From the table we can conclude that ChessMAS is the simplest MASdomain among the ones we have tried, while RoboCup is the hardest. As mentioned before, this gives the students the best opportunity to focus on fundamental MAS problems such as coordination and to a lesser extent communication. This is fully in line with the change of course focus that occurred after the first phase of the course's history. It also enables the agents to program a MAS that functions within the time available for the assignment. This makes sure that the competition we organize at the end of the course (with semi-finals and finals live during the last lecture) is of interest to all students. The downside of the competition is that some students tend to put too much strain on the winning strategy rather than on the agent research topics, but this is levelled out by the fact that the students that put more effort on the coordination problem in MAS have an easier task when writing their report. Thus, we feel we have found a good balance between agent programming and agent theory, serving both our student populations equally well.
To finish off, we want to mention are main lessons learned as points of advice to colleague teachers:

  1. If possible, develop your own software for the practical part of a course, so you do not become dependent upon external factors.
  2. Do not force the students to learn yet another computer programming language unless this is the focus of your course.
  3. Choose a domain as simple as possible that will serve your purposes while still having clear metrics.
  4. Competitions are fun!
  5. Make sure your theoretical and practical parts are in synch, offering synergy effects.
  6. Complementing the programming part of an assignment with a scientific report broadens the learning effect for all types of students.
  7. Giving students access to the code and report from previous courses inspires them, and enables them to avoid inventing the same thing over and over again.
  8. Different student populations make interesting discussions during lectures and between students.

6. References

Drogoul, A. When ants play chess.

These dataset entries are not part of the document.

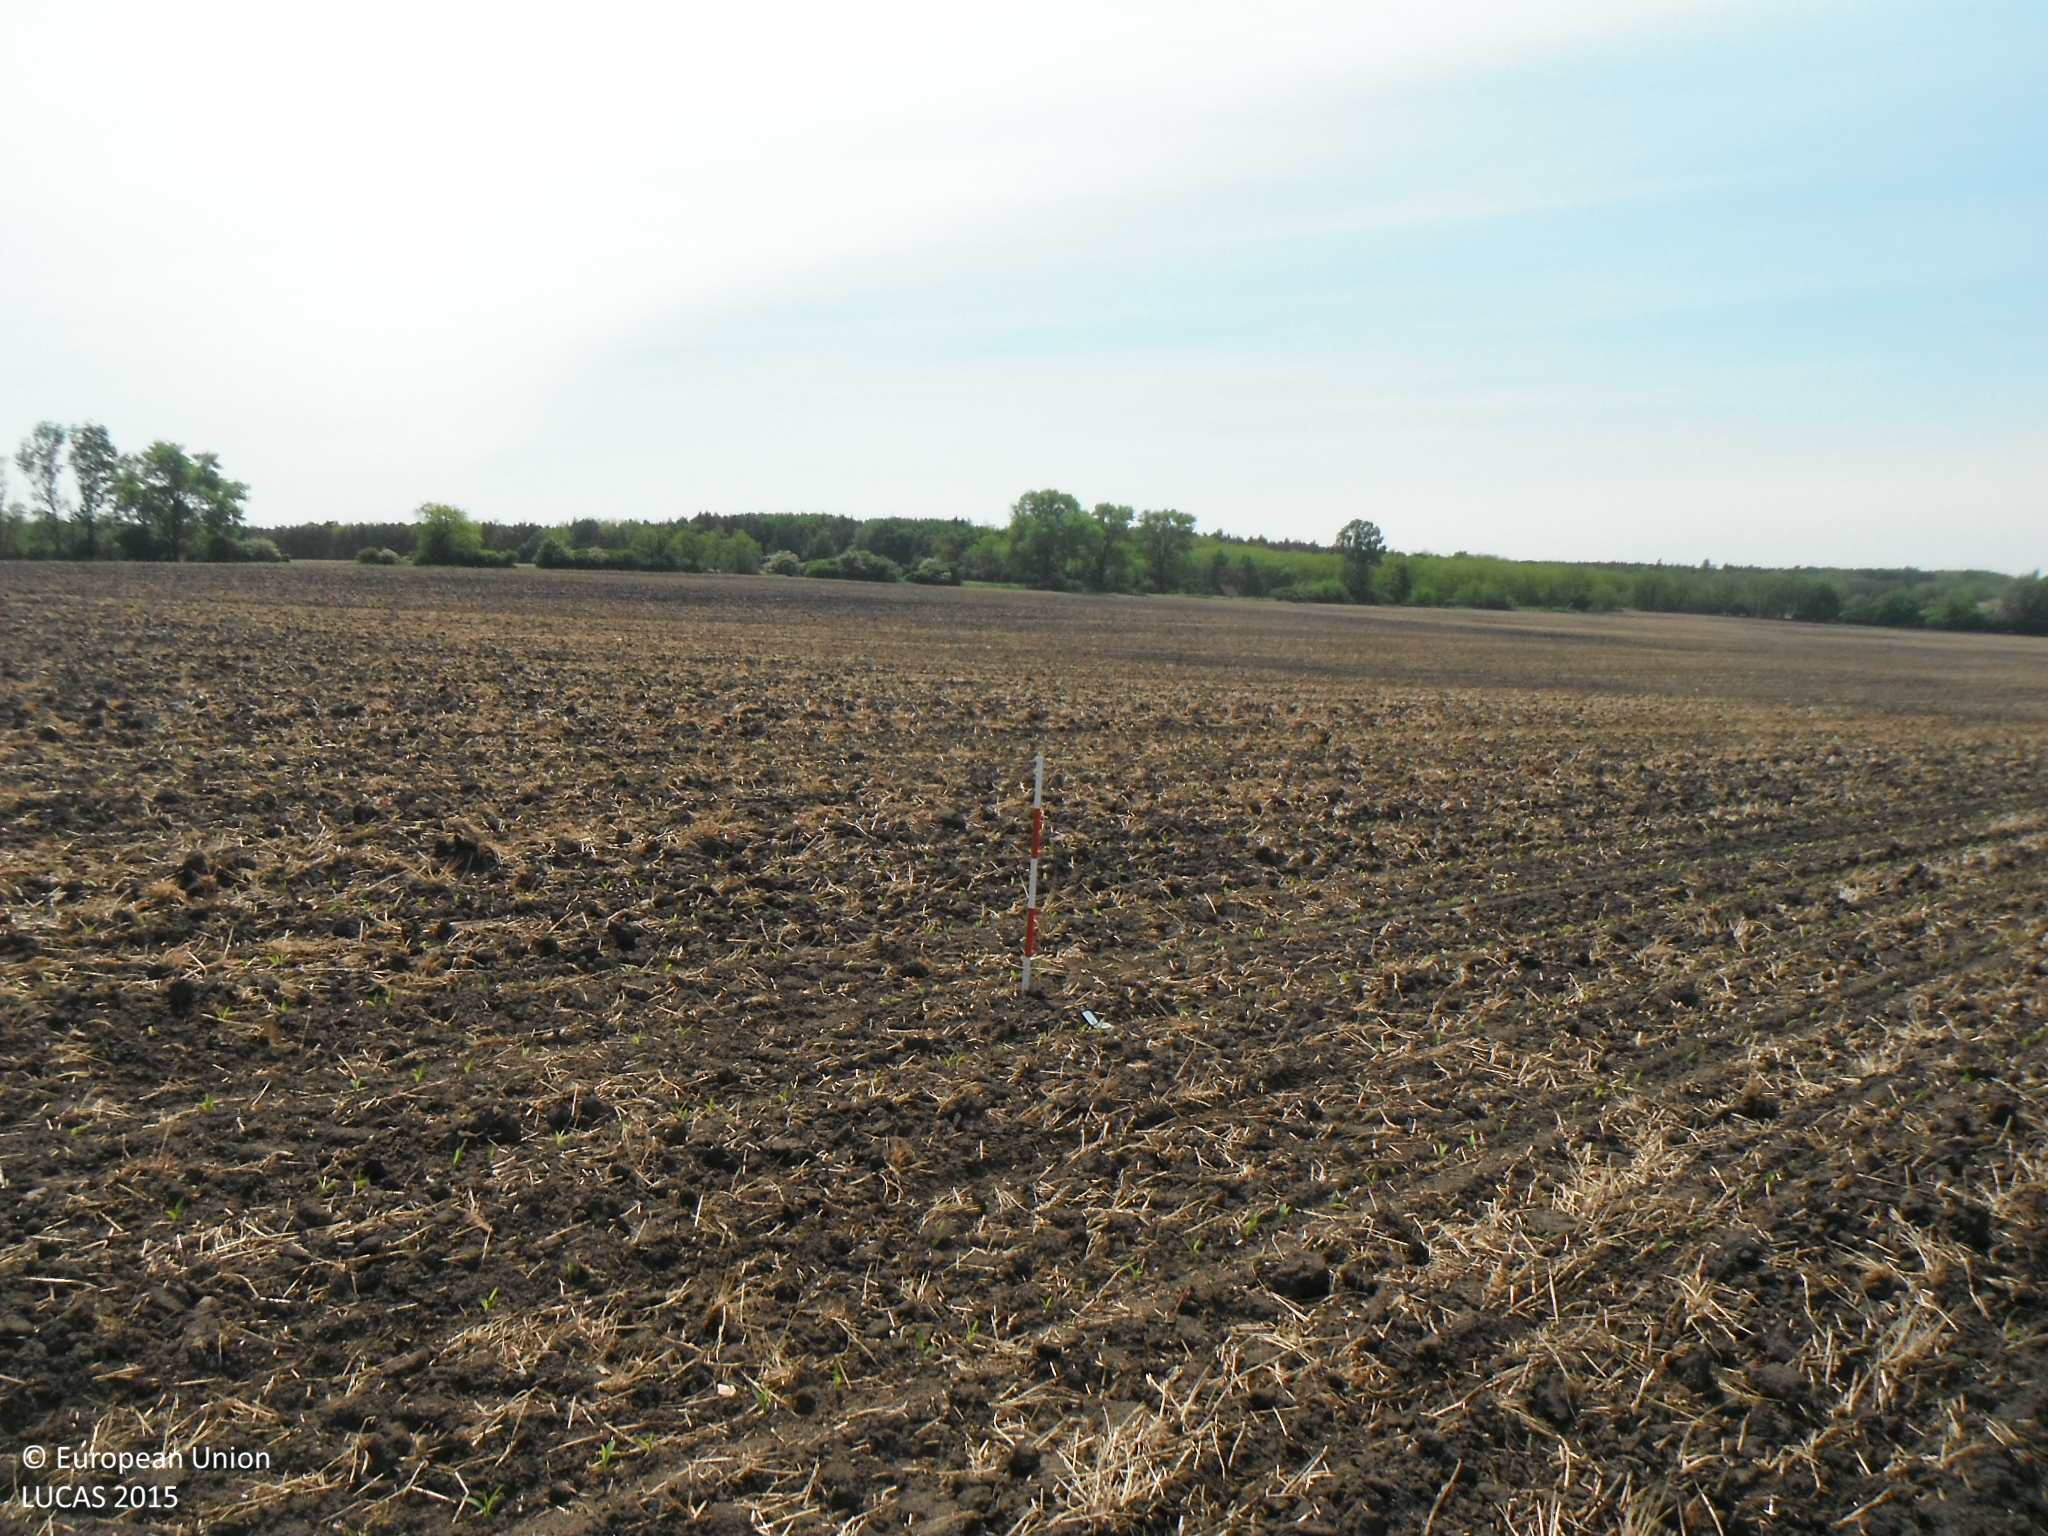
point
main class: Cropland
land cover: Maize
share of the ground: < 10 %
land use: Agriculture (excluding fallow land and kitchen gardens)
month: May
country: SK
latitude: 48.2718
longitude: 17.0004

In C. Castelfranchi and J. P. Muller, editors, From Reaction to Cognition, 13-27. Springer-Verlag, 1995.
SoarTurotial, http://www.eecs.umich.edu/~soar/tutorial.html or http://sourceforge.net/projects/soar/. Last checked May 19th, 2005.
Heintz, F., Kummeneje, J., and Scerri, P. Simulated RoboCup in University Undergraduate Education. In Proceedings of the fourth international workshop on RoboCup at the 4th RoboCup World Championships, 2000.
Kitano, H., Asada, M., Kuniyoshi, Y., Noda, I., and Osawa, E. RoboCup: The Robot World Cup Initiative. In Proceedings of IJCAI-95 Workshop on Entertainment and AI/Alife, 19-24, 1995.
Kummeneje, J. RoboCup as a Means to Research, Education, and Dissemination, Ph. Lic. thesis, Department of Computer and Systems Sciences, Stockholm University and the Royal Institute of Technology, 2001.
Mackworth, A. On Seeing Robots. In: Computer Vision: System, Theory, and Applications, pages 1-13, World Scientific Press, Singapore, 1993
Newell, A. The Knowledge Level. Artificial Intelligence, 18, 87-127, 1982.
Newell, A. Unified Theories of Cognition, Harvard University Press, 1990.
Russell S., and Norvig, P. Artificial Intelligence: A Modern Approach. Prentice Hall, 2003.
TAC, http://www.sics.se/tac/page.php?id=1. Last checked May 21st, 2005.
Vidal, J. M., and Buhler, P. Teaching Multiagent Systems using RoboCup and Biter. Interactive Multimedia Electric Journal of Computer-Enhanced Learning, 4, 2 (October, 2002.). Online at: http://imej.wfu.edu/articles/2002/2/05/index.asp. Last checked May 21st, 2005.
Wellman, M. P., and Wurman, P. R. A Trading Agent Competition for the Research Community. IJCAI-99 Workshop on Agent-Mediated Electronic Commerce. Stockholm, August 1999.